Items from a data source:

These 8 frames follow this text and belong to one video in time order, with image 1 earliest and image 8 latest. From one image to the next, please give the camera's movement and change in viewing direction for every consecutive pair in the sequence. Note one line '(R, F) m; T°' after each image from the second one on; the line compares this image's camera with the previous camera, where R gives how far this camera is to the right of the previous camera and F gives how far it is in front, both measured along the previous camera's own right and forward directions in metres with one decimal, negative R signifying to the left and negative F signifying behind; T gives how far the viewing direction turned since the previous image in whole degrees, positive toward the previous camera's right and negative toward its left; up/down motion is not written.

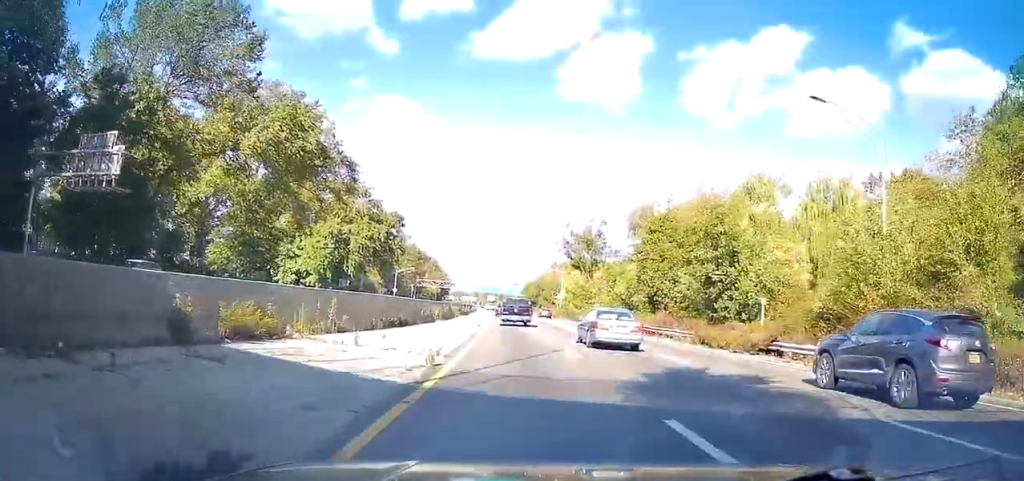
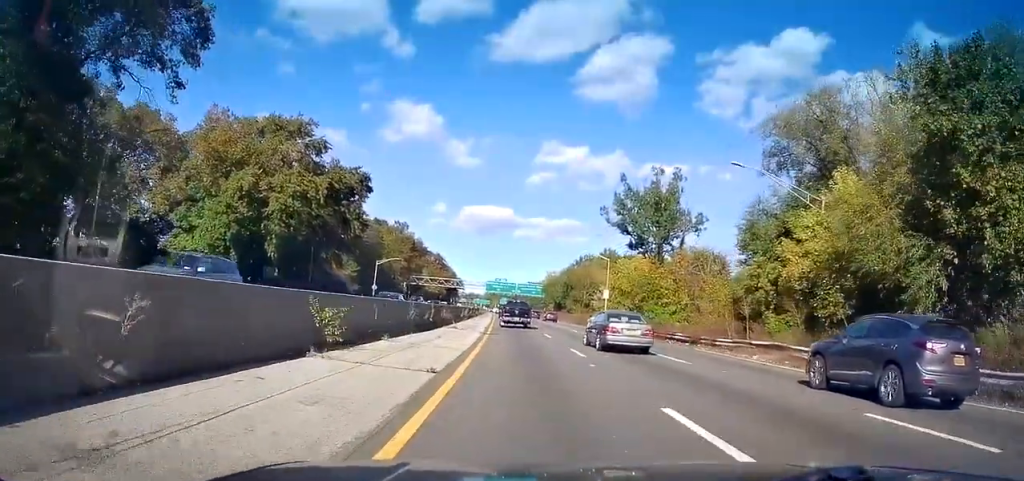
(-1.1, +36.3) m; -2°
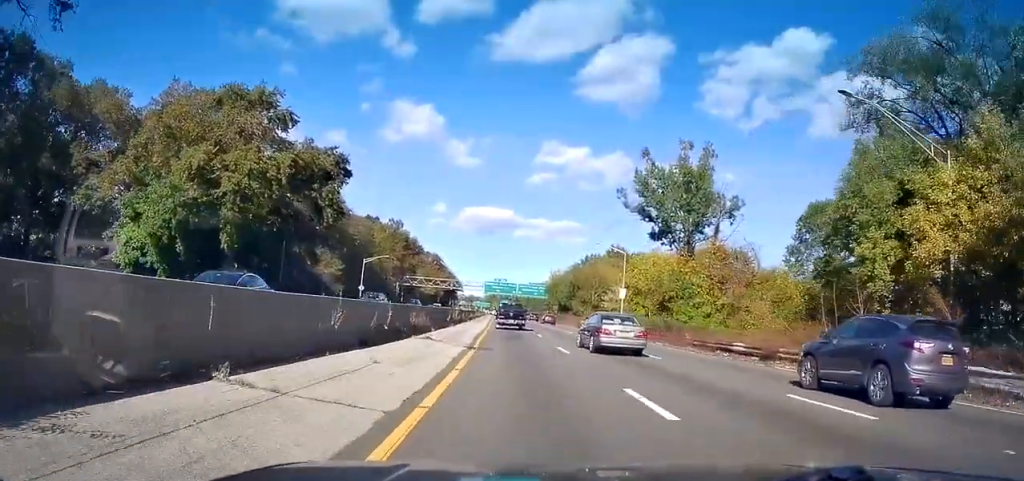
(0.0, +10.2) m; 0°
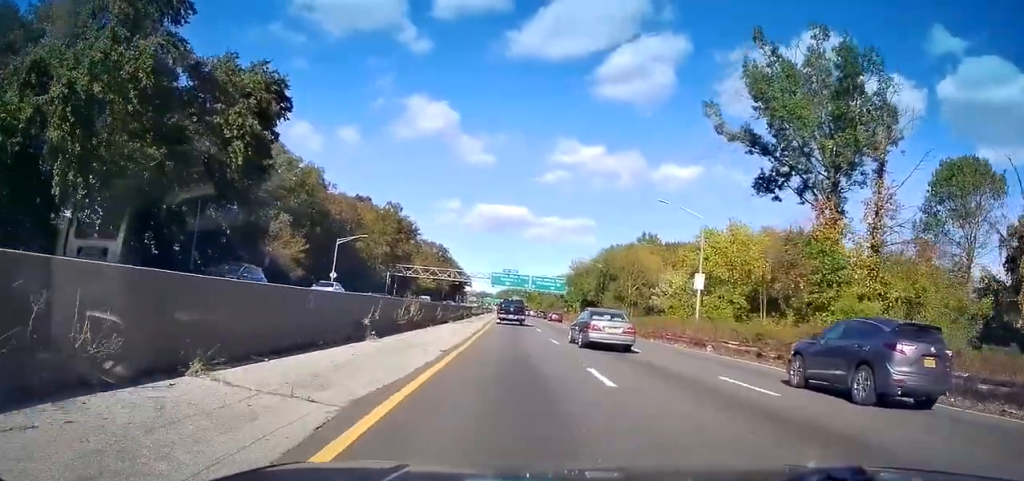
(+0.3, +22.3) m; 0°
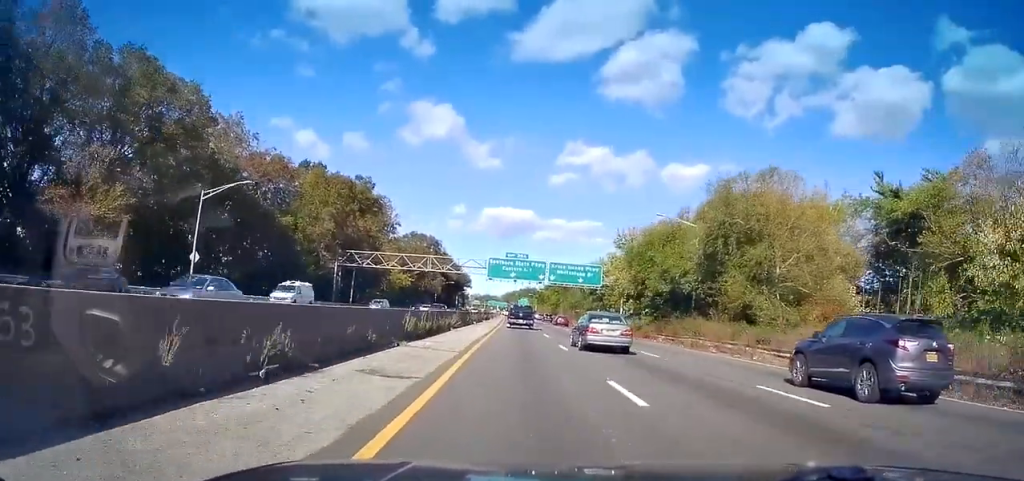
(-0.8, +39.4) m; -3°
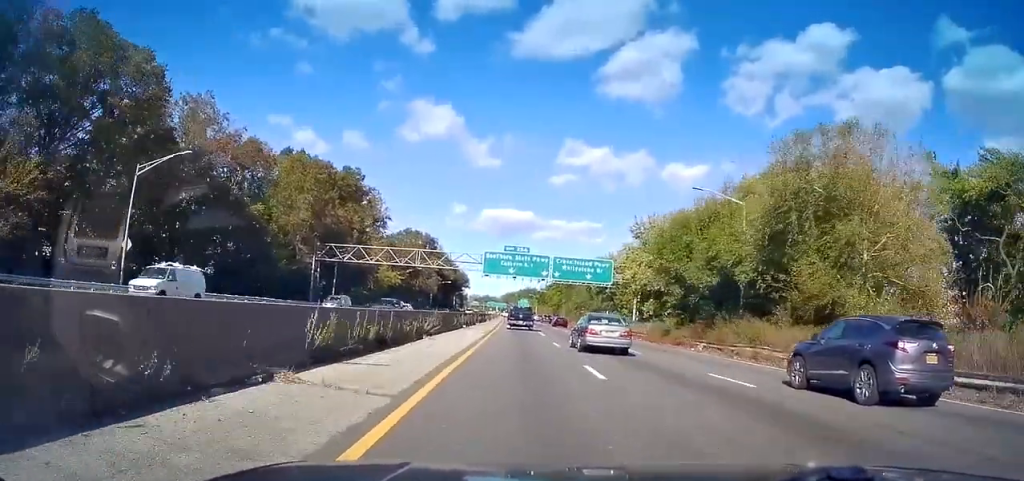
(-0.1, +9.0) m; 0°
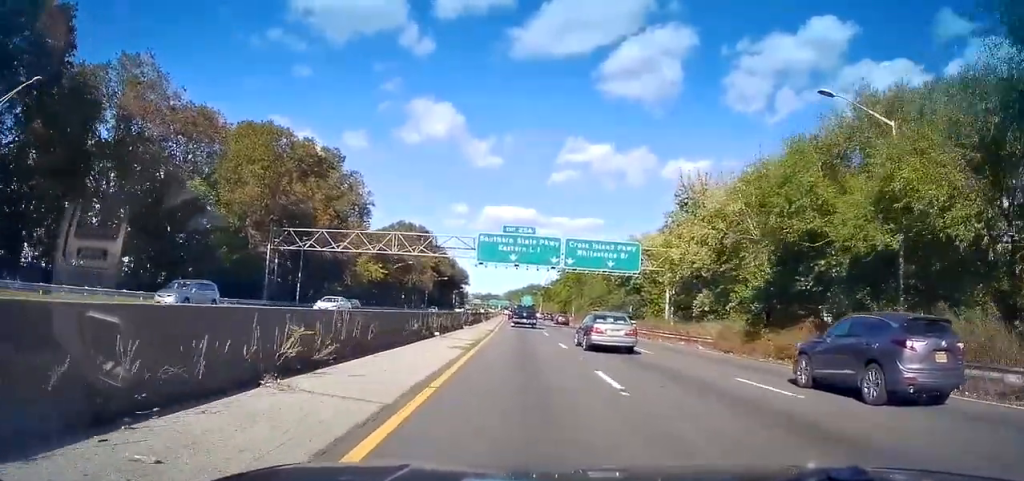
(-0.1, +14.3) m; 0°
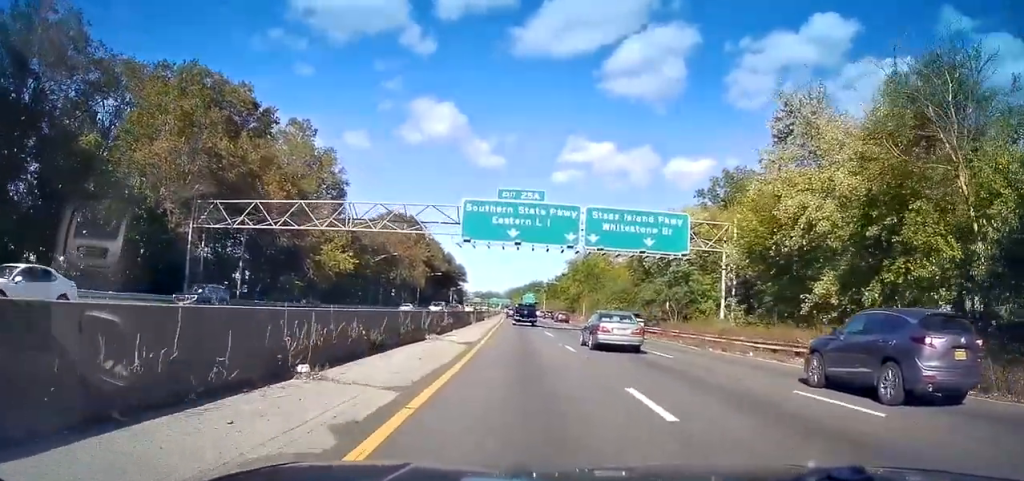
(0.0, +15.5) m; 0°

## GOAL OF THE EXERCISE
Print every entry exactly. Pictures are not part of the copy.

## TASK RESULT
These 8 frames follow this text and belong to one video in time order, with image 1 earliest and image 8 latest. From one image to the next, please give the camera's movement and change in viewing direction for every consecutive pair in the sequence. Note one line '(R, F) m; T°' after each image from the second one on; the line compares this image's camera with the previous camera, where R gives how far this camera is to the right of the previous camera and F gives how far it is in front, both measured along the previous camera's own right and forward directions in metres with one decimal, negative R signifying to the left and negative F signifying behind; T gives how far the viewing direction turned since the previous image in whole degrees, positive toward the previous camera's right and negative toward its left; up/down motion is not written.

(-1.1, +36.3) m; -2°
(0.0, +10.2) m; 0°
(+0.3, +22.3) m; 0°
(-0.8, +39.4) m; -3°
(-0.1, +9.0) m; 0°
(-0.1, +14.3) m; 0°
(0.0, +15.5) m; 0°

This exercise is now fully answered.